___ Extracted entries ___
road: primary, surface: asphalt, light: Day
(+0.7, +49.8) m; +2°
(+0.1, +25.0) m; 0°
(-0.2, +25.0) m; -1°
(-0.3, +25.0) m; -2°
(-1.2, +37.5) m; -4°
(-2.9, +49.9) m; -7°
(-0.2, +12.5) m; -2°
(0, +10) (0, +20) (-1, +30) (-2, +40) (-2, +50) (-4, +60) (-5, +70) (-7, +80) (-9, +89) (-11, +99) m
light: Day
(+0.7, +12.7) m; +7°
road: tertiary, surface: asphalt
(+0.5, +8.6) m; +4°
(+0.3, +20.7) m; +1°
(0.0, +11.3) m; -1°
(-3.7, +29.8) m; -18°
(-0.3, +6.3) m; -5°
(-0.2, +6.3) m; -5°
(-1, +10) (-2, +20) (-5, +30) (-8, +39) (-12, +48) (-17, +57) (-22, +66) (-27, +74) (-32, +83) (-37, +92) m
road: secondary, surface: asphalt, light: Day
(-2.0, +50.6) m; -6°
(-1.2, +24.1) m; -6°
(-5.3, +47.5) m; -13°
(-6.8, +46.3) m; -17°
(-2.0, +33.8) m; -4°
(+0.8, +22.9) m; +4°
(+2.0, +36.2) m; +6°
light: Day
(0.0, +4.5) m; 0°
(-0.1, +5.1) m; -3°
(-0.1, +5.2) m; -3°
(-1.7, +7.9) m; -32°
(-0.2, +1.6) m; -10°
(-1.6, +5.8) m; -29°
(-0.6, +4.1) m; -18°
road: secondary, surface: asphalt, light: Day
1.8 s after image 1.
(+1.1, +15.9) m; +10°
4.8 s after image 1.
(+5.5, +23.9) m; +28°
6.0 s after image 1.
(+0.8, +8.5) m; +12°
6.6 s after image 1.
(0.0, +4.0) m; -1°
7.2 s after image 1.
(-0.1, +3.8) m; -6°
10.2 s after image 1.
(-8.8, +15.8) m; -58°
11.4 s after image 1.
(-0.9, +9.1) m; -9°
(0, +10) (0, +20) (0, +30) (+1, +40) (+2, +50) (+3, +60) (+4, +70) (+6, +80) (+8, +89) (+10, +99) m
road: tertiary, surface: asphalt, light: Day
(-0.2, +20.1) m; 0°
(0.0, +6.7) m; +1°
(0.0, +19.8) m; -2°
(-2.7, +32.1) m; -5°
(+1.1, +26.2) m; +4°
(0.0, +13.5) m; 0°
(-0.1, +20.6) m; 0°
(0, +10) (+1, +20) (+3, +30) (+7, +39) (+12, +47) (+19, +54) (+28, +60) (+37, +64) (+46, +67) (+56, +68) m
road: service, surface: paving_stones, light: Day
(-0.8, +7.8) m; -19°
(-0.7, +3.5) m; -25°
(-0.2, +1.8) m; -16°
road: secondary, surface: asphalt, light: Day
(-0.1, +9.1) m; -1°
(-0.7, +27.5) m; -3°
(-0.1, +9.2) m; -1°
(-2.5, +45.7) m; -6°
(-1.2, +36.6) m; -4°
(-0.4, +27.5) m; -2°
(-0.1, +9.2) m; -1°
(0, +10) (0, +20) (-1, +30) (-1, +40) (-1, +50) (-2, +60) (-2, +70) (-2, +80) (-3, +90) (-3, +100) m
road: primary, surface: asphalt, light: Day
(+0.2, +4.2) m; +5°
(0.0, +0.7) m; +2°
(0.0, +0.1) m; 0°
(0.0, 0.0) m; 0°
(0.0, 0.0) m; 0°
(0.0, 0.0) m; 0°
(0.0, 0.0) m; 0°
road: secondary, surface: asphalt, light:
___
- _Task prompt_:
Give each entry again, spelled exactly as shown.

- _Task answer_:
road: primary, surface: asphalt, light: Day
(+0.7, +49.8) m; +2°
(+0.1, +25.0) m; 0°
(-0.2, +25.0) m; -1°
(-0.3, +25.0) m; -2°
(-1.2, +37.5) m; -4°
(-2.9, +49.9) m; -7°
(-0.2, +12.5) m; -2°
(0, +10) (0, +20) (-1, +30) (-2, +40) (-2, +50) (-4, +60) (-5, +70) (-7, +80) (-9, +89) (-11, +99) m
light: Day
(+0.7, +12.7) m; +7°
road: tertiary, surface: asphalt
(+0.5, +8.6) m; +4°
(+0.3, +20.7) m; +1°
(0.0, +11.3) m; -1°
(-3.7, +29.8) m; -18°
(-0.3, +6.3) m; -5°
(-0.2, +6.3) m; -5°
(-1, +10) (-2, +20) (-5, +30) (-8, +39) (-12, +48) (-17, +57) (-22, +66) (-27, +74) (-32, +83) (-37, +92) m
road: secondary, surface: asphalt, light: Day
(-2.0, +50.6) m; -6°
(-1.2, +24.1) m; -6°
(-5.3, +47.5) m; -13°
(-6.8, +46.3) m; -17°
(-2.0, +33.8) m; -4°
(+0.8, +22.9) m; +4°
(+2.0, +36.2) m; +6°
light: Day
(0.0, +4.5) m; 0°
(-0.1, +5.1) m; -3°
(-0.1, +5.2) m; -3°
(-1.7, +7.9) m; -32°
(-0.2, +1.6) m; -10°
(-1.6, +5.8) m; -29°
(-0.6, +4.1) m; -18°
road: secondary, surface: asphalt, light: Day
1.8 s after image 1.
(+1.1, +15.9) m; +10°
4.8 s after image 1.
(+5.5, +23.9) m; +28°
6.0 s after image 1.
(+0.8, +8.5) m; +12°
6.6 s after image 1.
(0.0, +4.0) m; -1°
7.2 s after image 1.
(-0.1, +3.8) m; -6°
10.2 s after image 1.
(-8.8, +15.8) m; -58°
11.4 s after image 1.
(-0.9, +9.1) m; -9°
(0, +10) (0, +20) (0, +30) (+1, +40) (+2, +50) (+3, +60) (+4, +70) (+6, +80) (+8, +89) (+10, +99) m
road: tertiary, surface: asphalt, light: Day
(-0.2, +20.1) m; 0°
(0.0, +6.7) m; +1°
(0.0, +19.8) m; -2°
(-2.7, +32.1) m; -5°
(+1.1, +26.2) m; +4°
(0.0, +13.5) m; 0°
(-0.1, +20.6) m; 0°
(0, +10) (+1, +20) (+3, +30) (+7, +39) (+12, +47) (+19, +54) (+28, +60) (+37, +64) (+46, +67) (+56, +68) m
road: service, surface: paving_stones, light: Day
(-0.8, +7.8) m; -19°
(-0.7, +3.5) m; -25°
(-0.2, +1.8) m; -16°
road: secondary, surface: asphalt, light: Day
(-0.1, +9.1) m; -1°
(-0.7, +27.5) m; -3°
(-0.1, +9.2) m; -1°
(-2.5, +45.7) m; -6°
(-1.2, +36.6) m; -4°
(-0.4, +27.5) m; -2°
(-0.1, +9.2) m; -1°
(0, +10) (0, +20) (-1, +30) (-1, +40) (-1, +50) (-2, +60) (-2, +70) (-2, +80) (-3, +90) (-3, +100) m
road: primary, surface: asphalt, light: Day
(+0.2, +4.2) m; +5°
(0.0, +0.7) m; +2°
(0.0, +0.1) m; 0°
(0.0, 0.0) m; 0°
(0.0, 0.0) m; 0°
(0.0, 0.0) m; 0°
(0.0, 0.0) m; 0°
road: secondary, surface: asphalt, light:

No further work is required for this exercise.